I stopped believing in the tooth fairy when I was 4 and I stopped believing in characters like Barack Obama shortly thereafter. As you say even in Agartha, or as you call it Shangri La, there is a point to which moderation itself becomes a vice. We live in extreme times that call for extreme men. Men who make no compromises and only exist for the purpose of making war. Men who are hard enough to carve their will into the diamond that is time. The story of Shangri La made for a fine book as does the Kingdom of Prester John make for an even finer promise but none of these things will ever come to pass until man realizes that he must seize his own destiny. I prefer Vril: The Power of the Coming Race by Edward Bulwer-Lytton and I will take my vril straight up.
Jack Heart: Thanks for your comment. The irony here, I think, is that we made Barack Obama, then began to treat him like an imaginary friend. He is nothing but a man. Not a bad man, but not one who reflects fully what we projected upon him, either. His election was, for me, a statement of what we might be able to do, not anything we had magically won. He represents us and we him. Like the relatively ineffective mayor in Steinbeck's "The Moon is Down," I think leaders must "spring up like mushrooms," even if the nominal leader is removed. It is, indeed, time for men and women to understand that this country was not built on good manners but on right action. We can throw the fake John Wayne bullshit back in their faces with real heroes in a real world and send them screaming for the exits, but only once we've gotten past our own delusions about inaction being praiseworthy. That Obama fell for our conceit is as much an indictment of our own delusionality as it is of his perceived failure to lead. We should have been on his back from the moment he crossed that White House threshold but instead we believed he was the answer to all our problems instead of reflecting on how it was we who put him there. That was us going in that door -- or not.

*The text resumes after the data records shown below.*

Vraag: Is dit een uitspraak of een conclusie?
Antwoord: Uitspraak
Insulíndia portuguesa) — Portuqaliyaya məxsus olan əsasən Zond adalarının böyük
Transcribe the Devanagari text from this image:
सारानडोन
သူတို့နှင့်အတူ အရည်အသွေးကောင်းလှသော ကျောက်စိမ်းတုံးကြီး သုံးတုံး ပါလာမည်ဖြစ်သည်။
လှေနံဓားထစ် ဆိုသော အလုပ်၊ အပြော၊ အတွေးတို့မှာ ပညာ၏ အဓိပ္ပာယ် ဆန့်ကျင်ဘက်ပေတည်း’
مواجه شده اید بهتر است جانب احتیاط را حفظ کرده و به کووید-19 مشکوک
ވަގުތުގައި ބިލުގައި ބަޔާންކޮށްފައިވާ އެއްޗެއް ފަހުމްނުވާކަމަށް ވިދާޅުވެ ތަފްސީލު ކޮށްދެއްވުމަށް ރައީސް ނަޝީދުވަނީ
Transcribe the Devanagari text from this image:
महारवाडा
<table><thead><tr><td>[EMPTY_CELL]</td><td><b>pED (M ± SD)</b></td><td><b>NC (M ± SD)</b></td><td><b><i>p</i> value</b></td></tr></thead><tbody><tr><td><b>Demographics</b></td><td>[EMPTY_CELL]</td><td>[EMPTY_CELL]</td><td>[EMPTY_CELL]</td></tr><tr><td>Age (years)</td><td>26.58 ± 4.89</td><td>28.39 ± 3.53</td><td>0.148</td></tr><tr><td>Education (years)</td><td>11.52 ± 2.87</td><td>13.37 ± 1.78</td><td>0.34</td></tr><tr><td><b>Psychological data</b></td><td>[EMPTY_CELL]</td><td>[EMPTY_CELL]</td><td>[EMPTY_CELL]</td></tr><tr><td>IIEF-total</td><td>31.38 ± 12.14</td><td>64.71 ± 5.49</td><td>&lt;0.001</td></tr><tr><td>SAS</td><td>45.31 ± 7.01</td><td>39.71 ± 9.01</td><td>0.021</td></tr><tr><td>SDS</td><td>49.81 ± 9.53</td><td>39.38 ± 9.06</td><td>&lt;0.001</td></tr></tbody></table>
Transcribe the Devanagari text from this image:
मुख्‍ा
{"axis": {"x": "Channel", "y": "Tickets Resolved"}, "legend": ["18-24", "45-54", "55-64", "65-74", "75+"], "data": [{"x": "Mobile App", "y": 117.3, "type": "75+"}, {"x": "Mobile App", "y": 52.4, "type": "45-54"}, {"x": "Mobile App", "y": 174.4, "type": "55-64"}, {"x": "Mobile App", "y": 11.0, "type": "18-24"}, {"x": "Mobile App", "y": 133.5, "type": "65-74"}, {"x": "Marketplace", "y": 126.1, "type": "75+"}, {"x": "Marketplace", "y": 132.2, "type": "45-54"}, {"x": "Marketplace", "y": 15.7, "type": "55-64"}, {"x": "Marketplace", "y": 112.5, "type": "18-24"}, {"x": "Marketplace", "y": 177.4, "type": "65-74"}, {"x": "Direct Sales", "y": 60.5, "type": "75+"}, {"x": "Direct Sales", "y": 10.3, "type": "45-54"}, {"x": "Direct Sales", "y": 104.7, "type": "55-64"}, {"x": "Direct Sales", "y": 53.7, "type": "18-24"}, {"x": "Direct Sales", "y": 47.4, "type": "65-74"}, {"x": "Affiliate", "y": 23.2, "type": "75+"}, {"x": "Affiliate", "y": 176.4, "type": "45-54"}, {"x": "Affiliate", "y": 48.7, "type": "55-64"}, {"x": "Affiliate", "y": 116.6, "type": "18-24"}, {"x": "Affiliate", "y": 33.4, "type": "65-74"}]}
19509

I totally agree with "Governing ourselves is not just about complaining: it is about standing up," although I think Ghandi led a lot of powerful standing up himself. Your post is invigorating and refreshing. Here's to "NO!"
Maria: Thank you. And I am a huge fan of Ghandi and admire tremendously what he enabled and fueled. It's just not the same set of circumstances here, so that approach isn't going to work (thinks me). Non-violence is an ideal, but as a pragmatist I am always ready to defend in the appropriate way. I'd start with aikido, but sometimes a situation calls for linear blows,whether they are verbal or otherwise. It all starts with No.

Thanks again!
"Yes!" - to appropriate action that gets the job done.

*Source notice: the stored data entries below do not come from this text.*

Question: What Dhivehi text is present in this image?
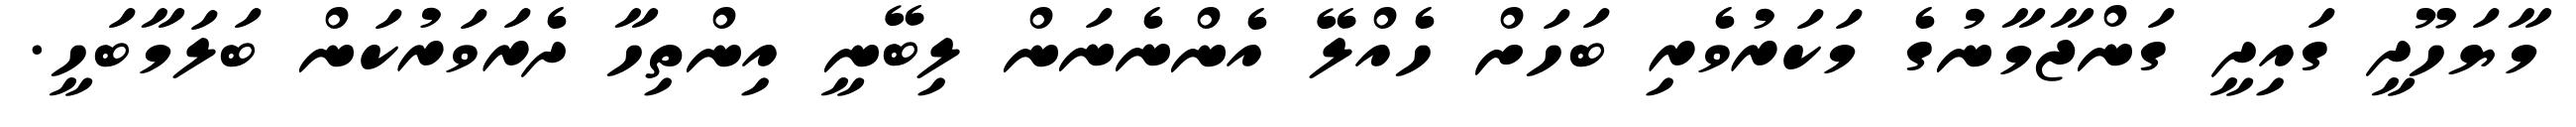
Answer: މާޔަހޫދީ ގައިދީ ގަންޖާމާނުގެ މަކަރުވެރި ބަހަށް ހެއްލޭ އެންނެނަން ލިބޭނީ އިންތިހާ ދެރަވަރުކަން ބަލަމާބަހީ.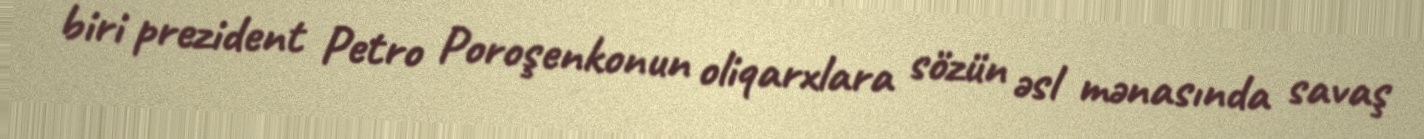
biri prezident Petro Poroşenkonun oliqarxlara sözün əsl mənasında savaş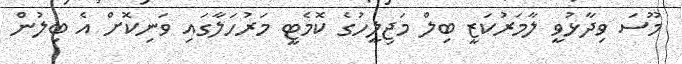
މޫސަ ވިދާޅުވީ ލާމަރުކަޒީ ބިލް މަޖިލީހުގެ ކޮމެޓީ މަރުހަލާގައި ވަނިކޮށް އެ ބިލުން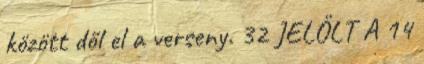
között dől el a verseny. 32 JELÖLT A 14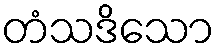
တံသဒိသော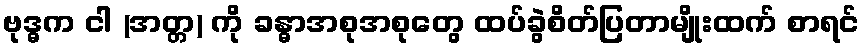
ဗုဒ္ဓက ငါ (အတ္တ) ကို ခန္ဓာအစုအစုတွေ ထပ်ခွဲစိတ်ပြတာမျိုးထက် စာရင်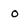
Character: o

I just went through the entire "sign up for an account" process for the SOLE purpose of this: YES! Yes, yes, yes, a thousand times yes. I just spent a couple of hours talking to my husband about this - as liberals, we spend our lives trying NOT to be confrontational, to respect the other person's lifestyle choices, to be pacifists, to live and let live - until we come to a point in time like this when we can't anymore or we're going to lose the opportunity to choose how we want to live at all. I don't remember being so moved by a blog post in a long time.
mattys_mama: First, thank you for going to all that trouble in order to comment here. I truly do appreciate it. Second, it fills my heart with hope to hear comments like yours, and to know people are having the conversation you had with your husband. I am reminded of the people of Norway during the occupation, and how long they waited for the problem to resolve on its own, then finally realized there comes a time when they had to stand up and do something. It may seem counter to what we believe, but it's not, really. It's how we came to be here.

Thanks so very much for your comment!